We introduced the `sum` column initially to support Prometheus
histograms, which expects to know about cumulative sums and cannot be
convinced otherwise. However, it is possible to provide approximate
sums, based on multiplying the bucket values with the bucket counts.

#### Lack of clarity around per-replica vs. global relations

Many of the relations are logging sources that run locally in
clusters, are not persisted, and report different data depending on
the currently selected replica. Views based on these sources are also
per-replica. It is not straightforward to tell from our docs which is
the case for each relation.

Furthermore, sometimes the same logical value is reported by two
relations, one reporting `clusterd`'s view of the world, and the other
reporting `environmentd`'s. For example, `mz_compute_frontiers`
vs. `mz_cluster_replica_frontiers`. However, the names do not make it
clear what the distinction is.

### Suggested fixes for schema inconsistencies

* All per-worker relations should have a corresponding "global" view
  where the results are aggregated across workers in the way most
  likely to be useful (for example, summing, taking the minimum, or
  restricting to worker 0). Because these global views are more likely
  to be useful than the underlying sources, they should have the basic
  name (e.g., `mz_arrangement_sharing`). The underlying source should
  have a name with `per_worker` suffixed (e.g.,
  `mz_arrangement_sharing_per_worker`). Furthermore, the per-worker
  variant should be clearly less prominent in documentation (either at
  the bottom of the page, or in a "see more" section that has to be
  clicked to expand).
* The expectations about per-worker relations should be clearly
  documented (e.g., we should clearly say whether the values for each
  worker are expected to be the same during normal operation).
* `raw` variants should be removed, and all introspection relations
  should present durations as nanoseconds timestamps.
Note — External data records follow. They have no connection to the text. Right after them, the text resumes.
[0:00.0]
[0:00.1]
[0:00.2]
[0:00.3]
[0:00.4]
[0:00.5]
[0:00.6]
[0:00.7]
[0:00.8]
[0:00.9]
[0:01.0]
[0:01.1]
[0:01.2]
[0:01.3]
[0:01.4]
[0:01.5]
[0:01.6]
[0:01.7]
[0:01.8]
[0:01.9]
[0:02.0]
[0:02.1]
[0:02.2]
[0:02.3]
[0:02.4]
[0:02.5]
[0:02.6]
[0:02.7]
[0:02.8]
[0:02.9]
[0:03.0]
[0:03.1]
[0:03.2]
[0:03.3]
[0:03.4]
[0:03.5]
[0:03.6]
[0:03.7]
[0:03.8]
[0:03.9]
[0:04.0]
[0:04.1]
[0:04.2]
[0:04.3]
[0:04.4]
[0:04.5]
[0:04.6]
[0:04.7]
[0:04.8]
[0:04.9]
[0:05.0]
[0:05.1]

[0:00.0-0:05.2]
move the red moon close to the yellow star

This allows us to
  provide the full precision, while also allowing users to cast the
  durations to intervals if they find those more convenient.
* All relations that report a simple count or sum should be views based on
  a `*_raw` variant that maintains the count or sum in the Differential
  diff field. These relations previously had an `_internal` suffix, but
  `_raw` is less likely to be confused with the `mz_internal` schema,
  and better reflects that fact that these relations contain unaggregated
  data.
* All columns containing nanoseconds timestamps should have names
  suffixed with `_ns`.
* The `sum` column should be removed from all histogram sources.
  Maintaining that field has some cost, in the form of additional state
  we must keep, a roughly doubled amount of updates, and code complexity.
  On the other hand, it is not clear how much value the `sum` field
  provides given that we can approximate it.
* All histogram views or sources should be suffixed with `_histogram`,
  to make their role more obvious.

### Possibly useful missing views

#### Channel-to-operator mapping

See [GitHub
PR](https://github.com/MaterializeInc/materialize/pull/17825).
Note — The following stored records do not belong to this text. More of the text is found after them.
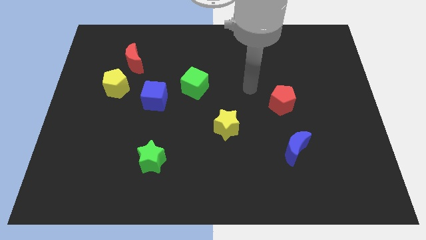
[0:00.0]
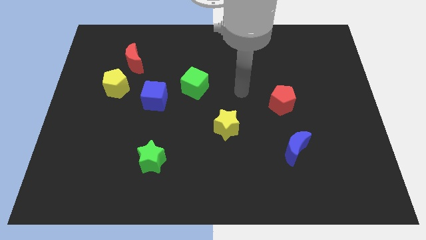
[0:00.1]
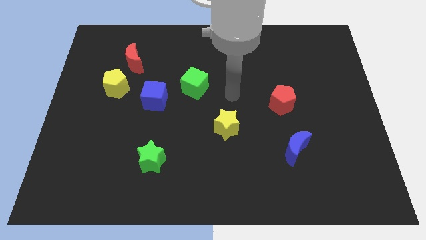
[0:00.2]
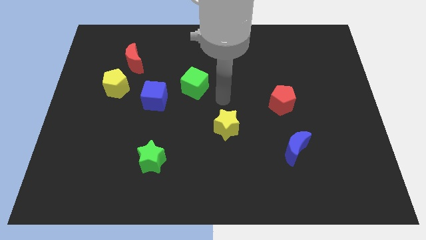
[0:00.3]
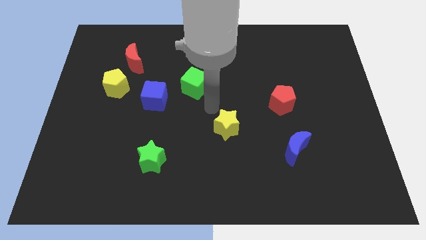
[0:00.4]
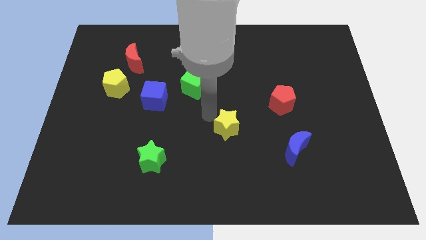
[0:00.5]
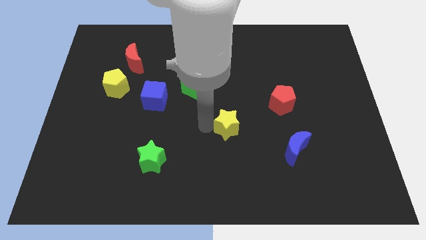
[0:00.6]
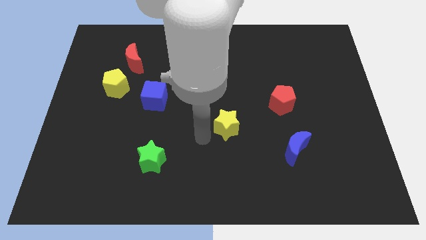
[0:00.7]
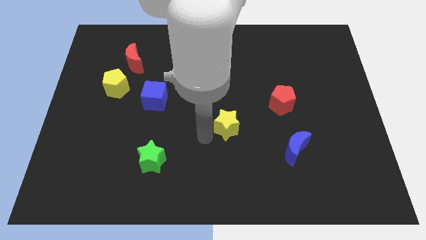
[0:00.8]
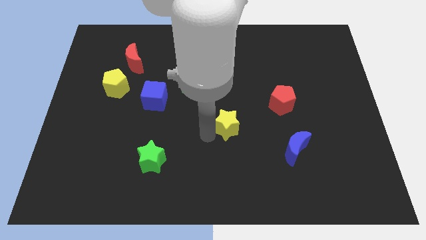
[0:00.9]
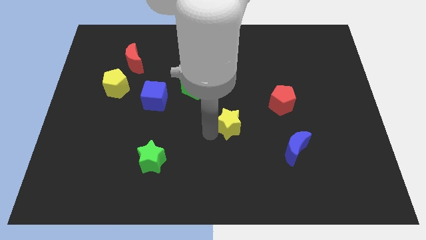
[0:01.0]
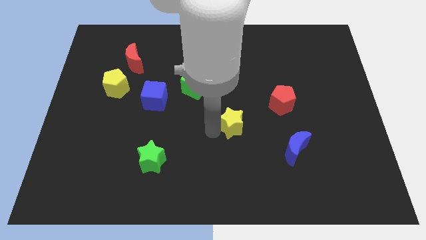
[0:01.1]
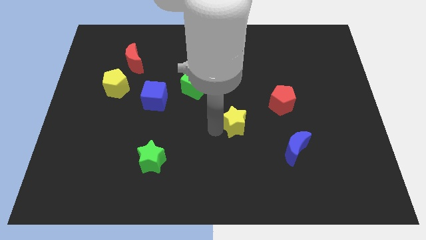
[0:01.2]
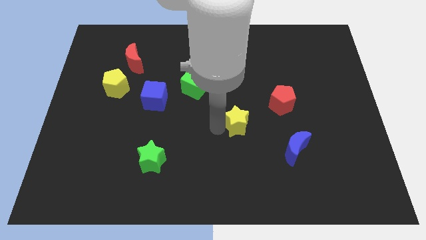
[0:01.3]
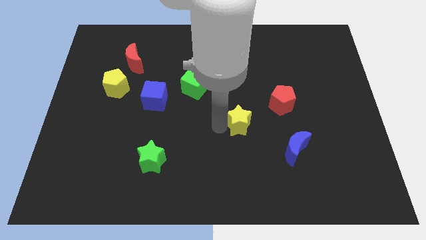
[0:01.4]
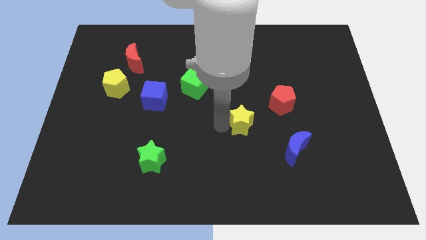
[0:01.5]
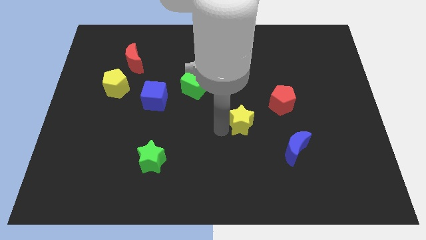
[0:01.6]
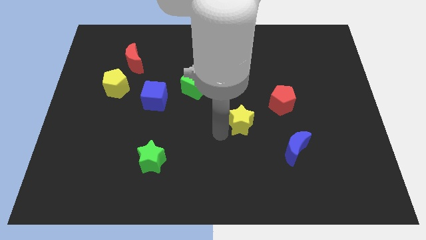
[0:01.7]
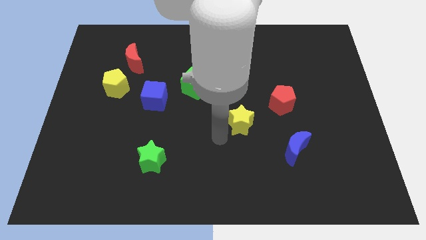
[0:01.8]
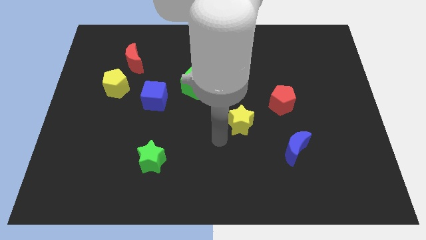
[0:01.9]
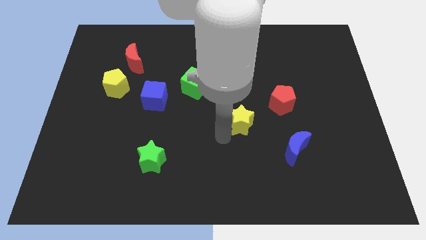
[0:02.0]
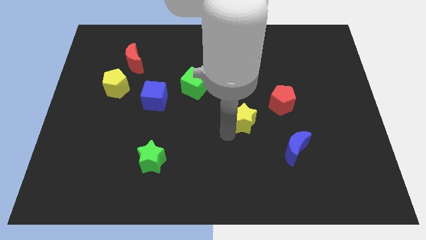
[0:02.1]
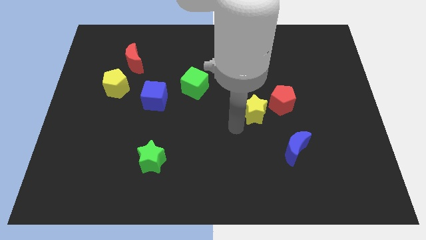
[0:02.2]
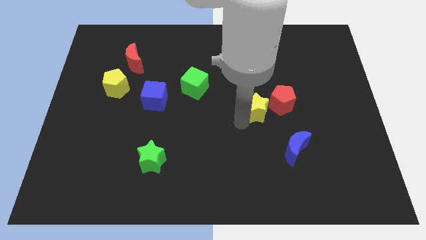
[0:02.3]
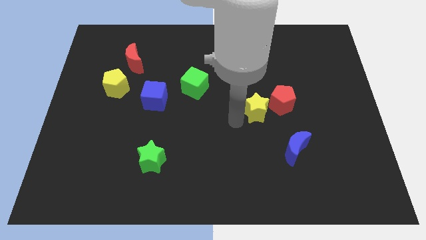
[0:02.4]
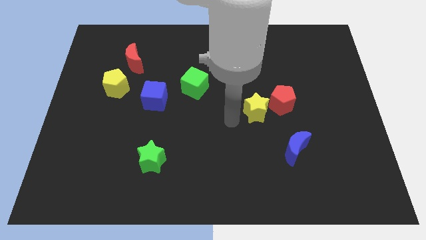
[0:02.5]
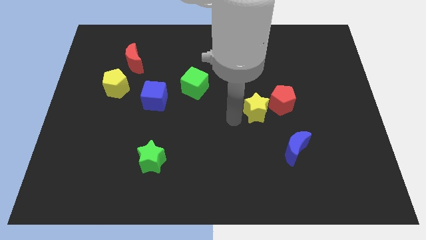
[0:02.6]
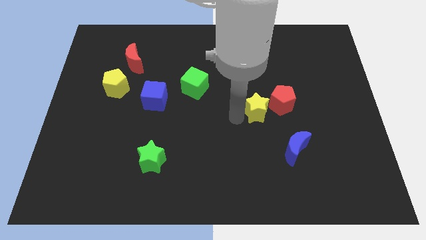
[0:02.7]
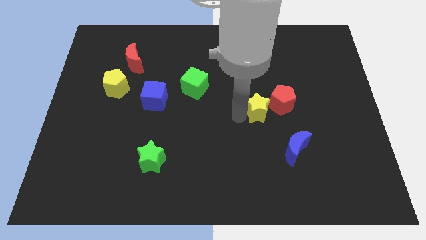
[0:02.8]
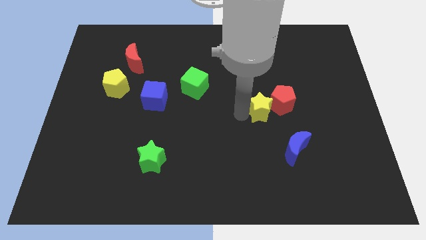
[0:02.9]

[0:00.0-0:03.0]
move the yellow star towards the red pentagon

#### Scope child to parent mapping

The only way to understand the structure of scope nesting currently is
to use the `mz_dataflow_addresses` relation and do some tedious list
manipulation. A simple view of `(id, parent_id)` would make this much
simpler.

#### Transitive object dependencies and end-to-end lag

We should add the transitive closure of `mz_object_dependencies`,
called e.g. `mz_transitive_object_dependencies`.

This will allow us to see the end-to-end frontier lag for any
dataflow.

#### More views enriched with operator names, dataflow names, etc.

(Not quite sure about this -- it's tricky to balance ease-of-use with
not blowing up the set of documented relations)

## Alternatives

None known to me

## Open questions

* Are there further views that could be useful but that we don't have
access to? We should fill this out as more become known to us (e.g.,
while debugging customer issues)

* Is there a better name than `_internal` for the non-aggregated sources?